┌─ SUPPLIED ENTRIES
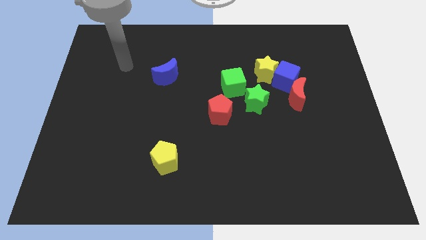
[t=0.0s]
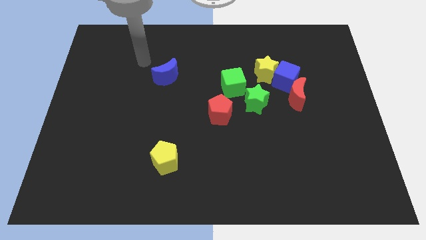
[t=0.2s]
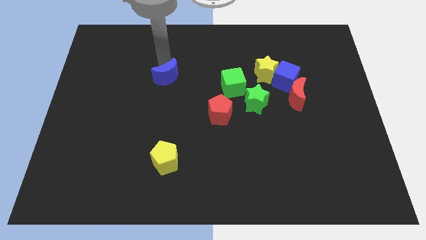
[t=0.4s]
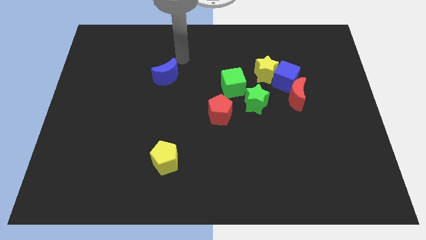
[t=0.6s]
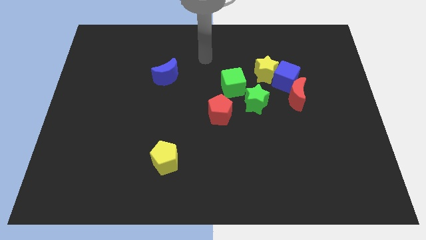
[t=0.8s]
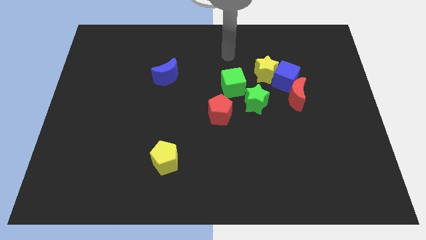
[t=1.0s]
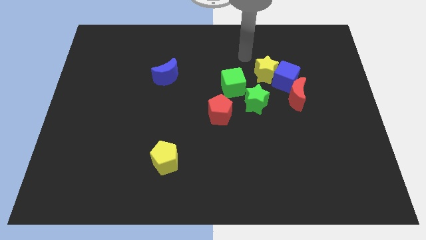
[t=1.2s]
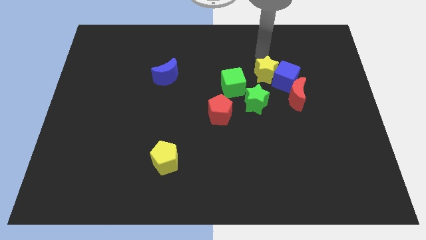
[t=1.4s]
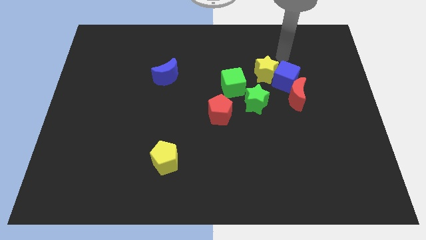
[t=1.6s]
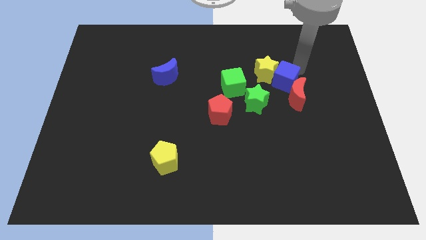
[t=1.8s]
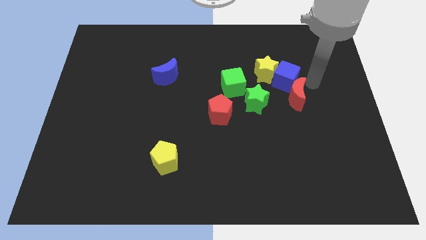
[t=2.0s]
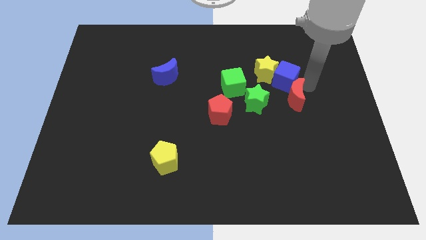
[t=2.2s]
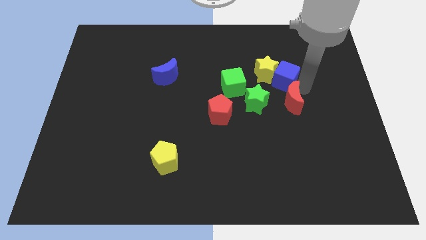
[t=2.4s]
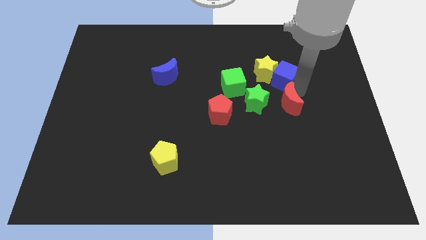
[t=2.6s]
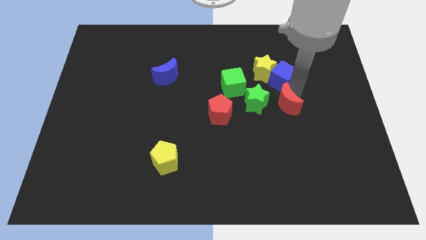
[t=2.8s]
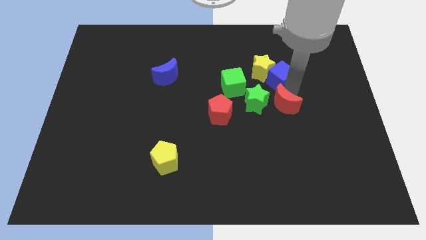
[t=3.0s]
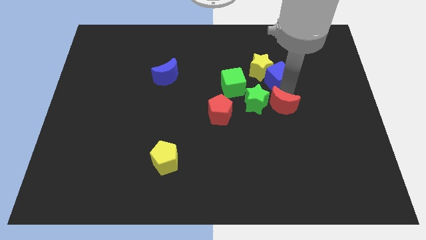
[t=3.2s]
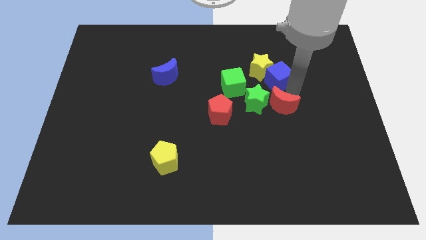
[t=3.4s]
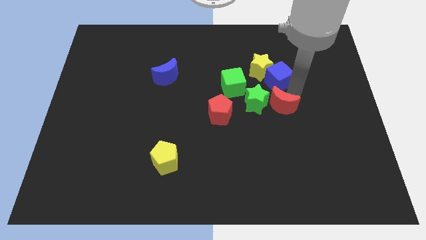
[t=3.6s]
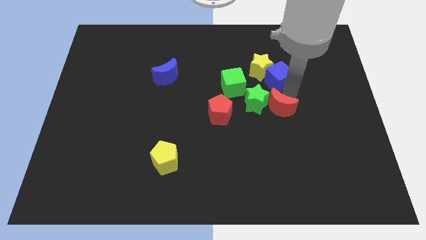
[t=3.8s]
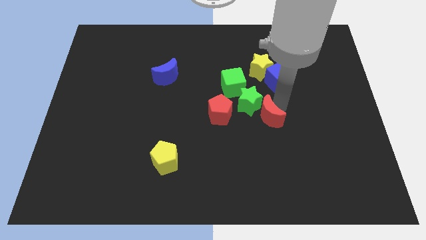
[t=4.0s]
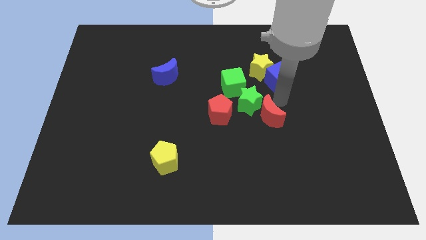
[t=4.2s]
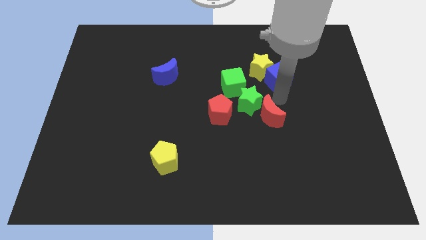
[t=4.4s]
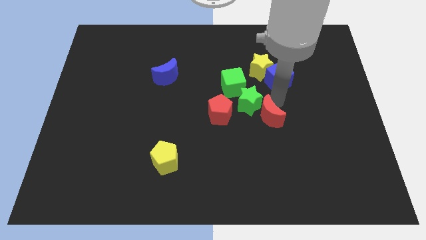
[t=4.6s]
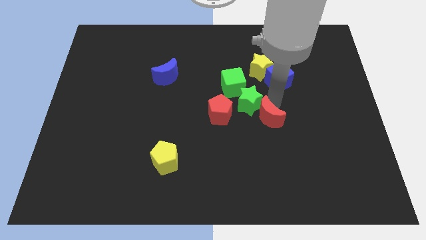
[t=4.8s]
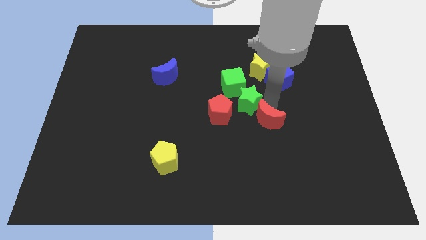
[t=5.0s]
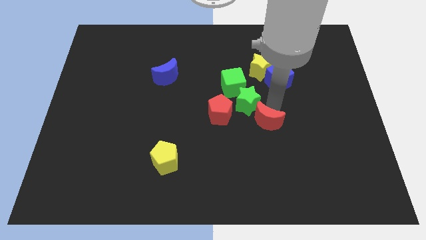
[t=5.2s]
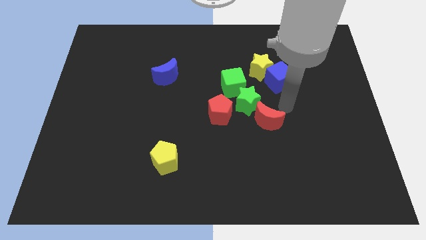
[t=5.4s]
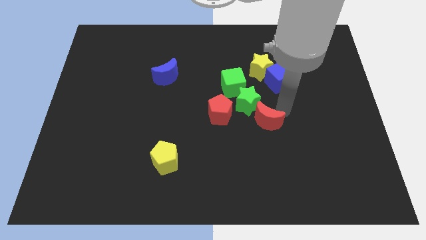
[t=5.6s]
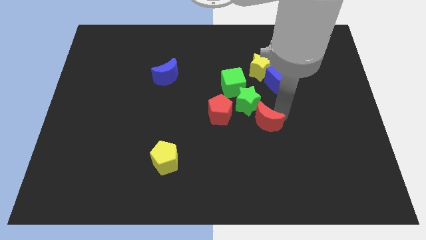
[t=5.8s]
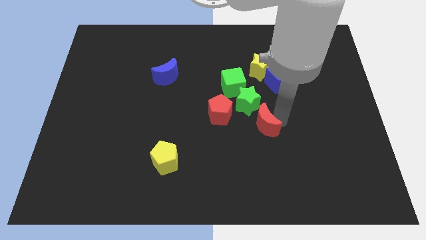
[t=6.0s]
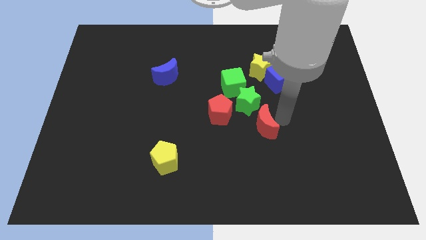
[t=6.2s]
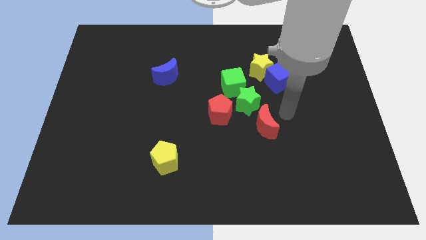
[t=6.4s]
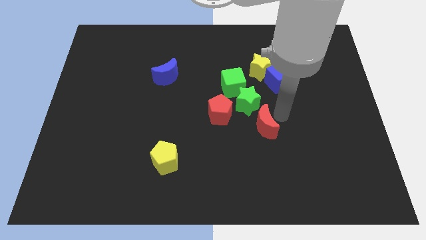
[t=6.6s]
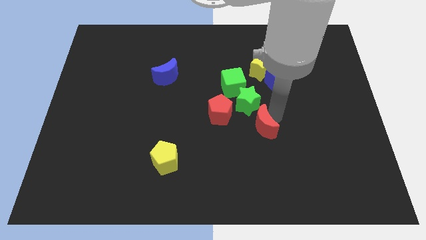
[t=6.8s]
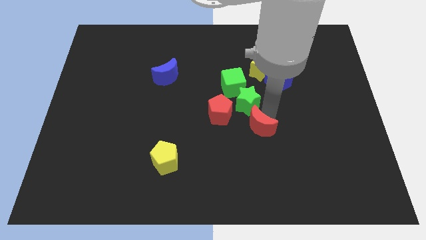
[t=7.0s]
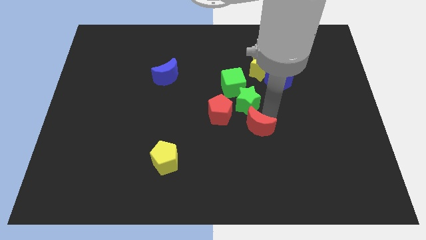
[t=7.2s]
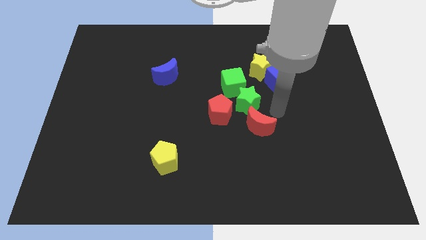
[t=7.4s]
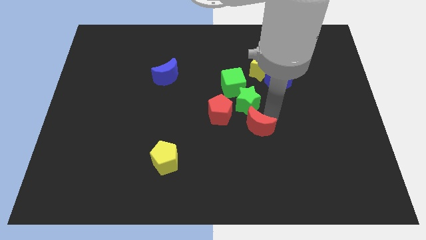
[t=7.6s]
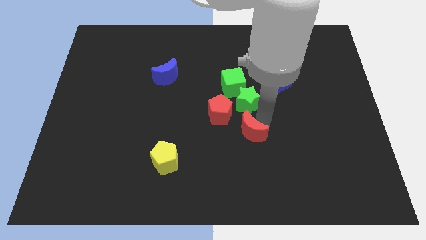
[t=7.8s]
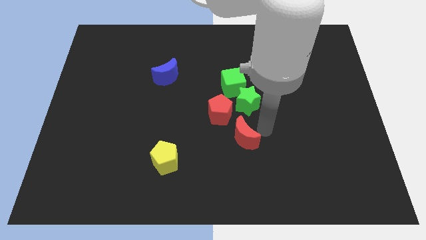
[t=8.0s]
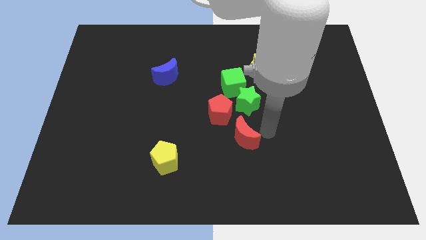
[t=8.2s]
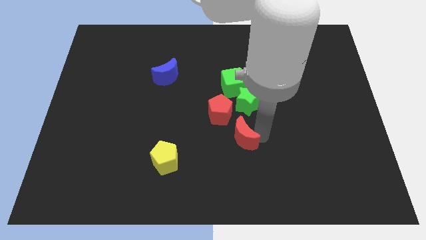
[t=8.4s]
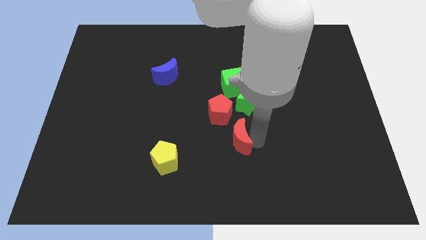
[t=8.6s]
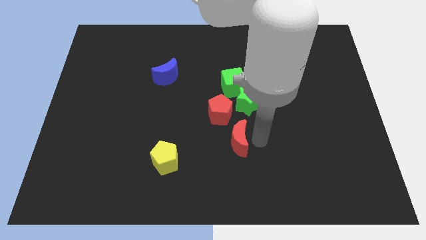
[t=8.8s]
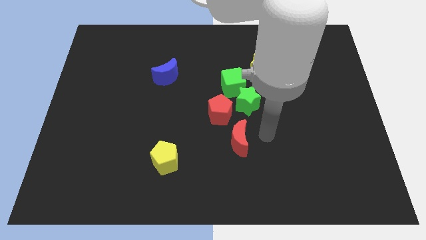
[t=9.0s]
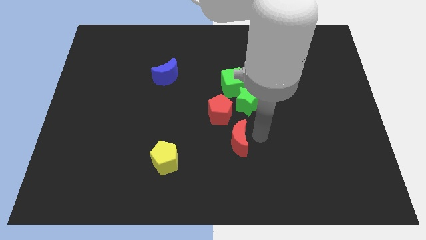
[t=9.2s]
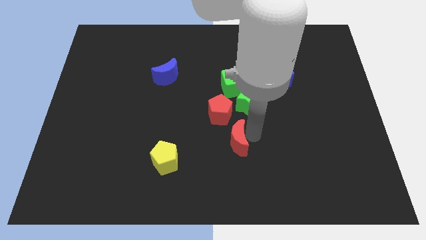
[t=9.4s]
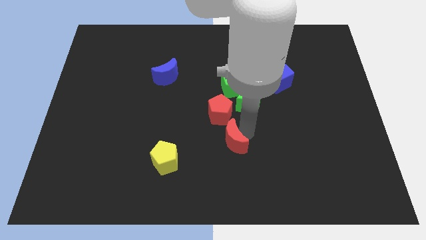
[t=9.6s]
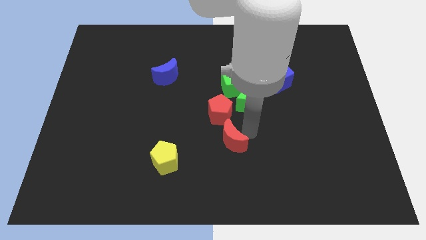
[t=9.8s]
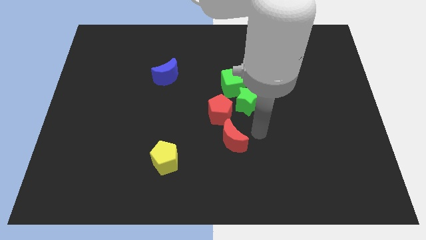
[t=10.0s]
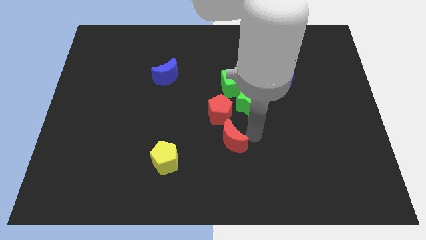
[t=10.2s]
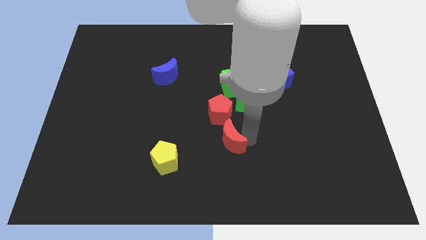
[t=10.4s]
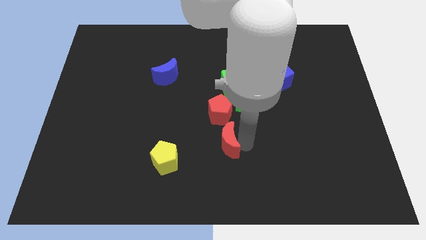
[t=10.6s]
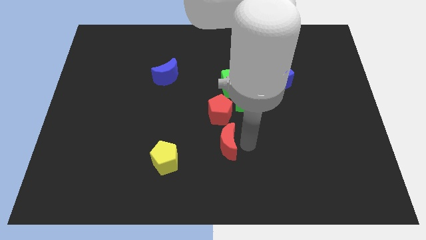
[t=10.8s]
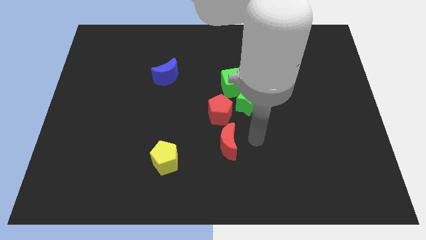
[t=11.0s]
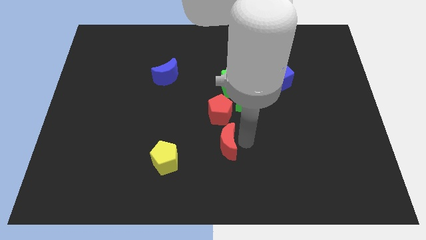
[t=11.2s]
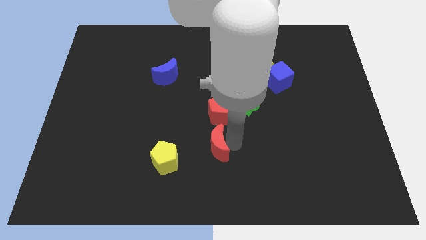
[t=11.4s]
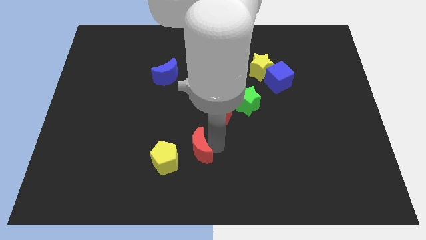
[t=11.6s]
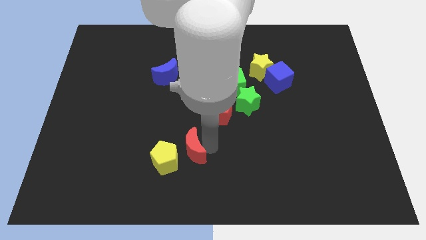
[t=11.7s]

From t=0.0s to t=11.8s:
move the red moon to the yellow pentagon
└─
Copy all of the data word for word, and keep the pictures out of it.

[t=0.0s]
[t=0.2s]
[t=0.4s]
[t=0.6s]
[t=0.8s]
[t=1.0s]
[t=1.2s]
[t=1.4s]
[t=1.6s]
[t=1.8s]
[t=2.0s]
[t=2.2s]
[t=2.4s]
[t=2.6s]
[t=2.8s]
[t=3.0s]
[t=3.2s]
[t=3.4s]
[t=3.6s]
[t=3.8s]
[t=4.0s]
[t=4.2s]
[t=4.4s]
[t=4.6s]
[t=4.8s]
[t=5.0s]
[t=5.2s]
[t=5.4s]
[t=5.6s]
[t=5.8s]
[t=6.0s]
[t=6.2s]
[t=6.4s]
[t=6.6s]
[t=6.8s]
[t=7.0s]
[t=7.2s]
[t=7.4s]
[t=7.6s]
[t=7.8s]
[t=8.0s]
[t=8.2s]
[t=8.4s]
[t=8.6s]
[t=8.8s]
[t=9.0s]
[t=9.2s]
[t=9.4s]
[t=9.6s]
[t=9.8s]
[t=10.0s]
[t=10.2s]
[t=10.4s]
[t=10.6s]
[t=10.8s]
[t=11.0s]
[t=11.2s]
[t=11.4s]
[t=11.6s]
[t=11.7s]

From t=0.0s to t=11.8s:
move the red moon to the yellow pentagon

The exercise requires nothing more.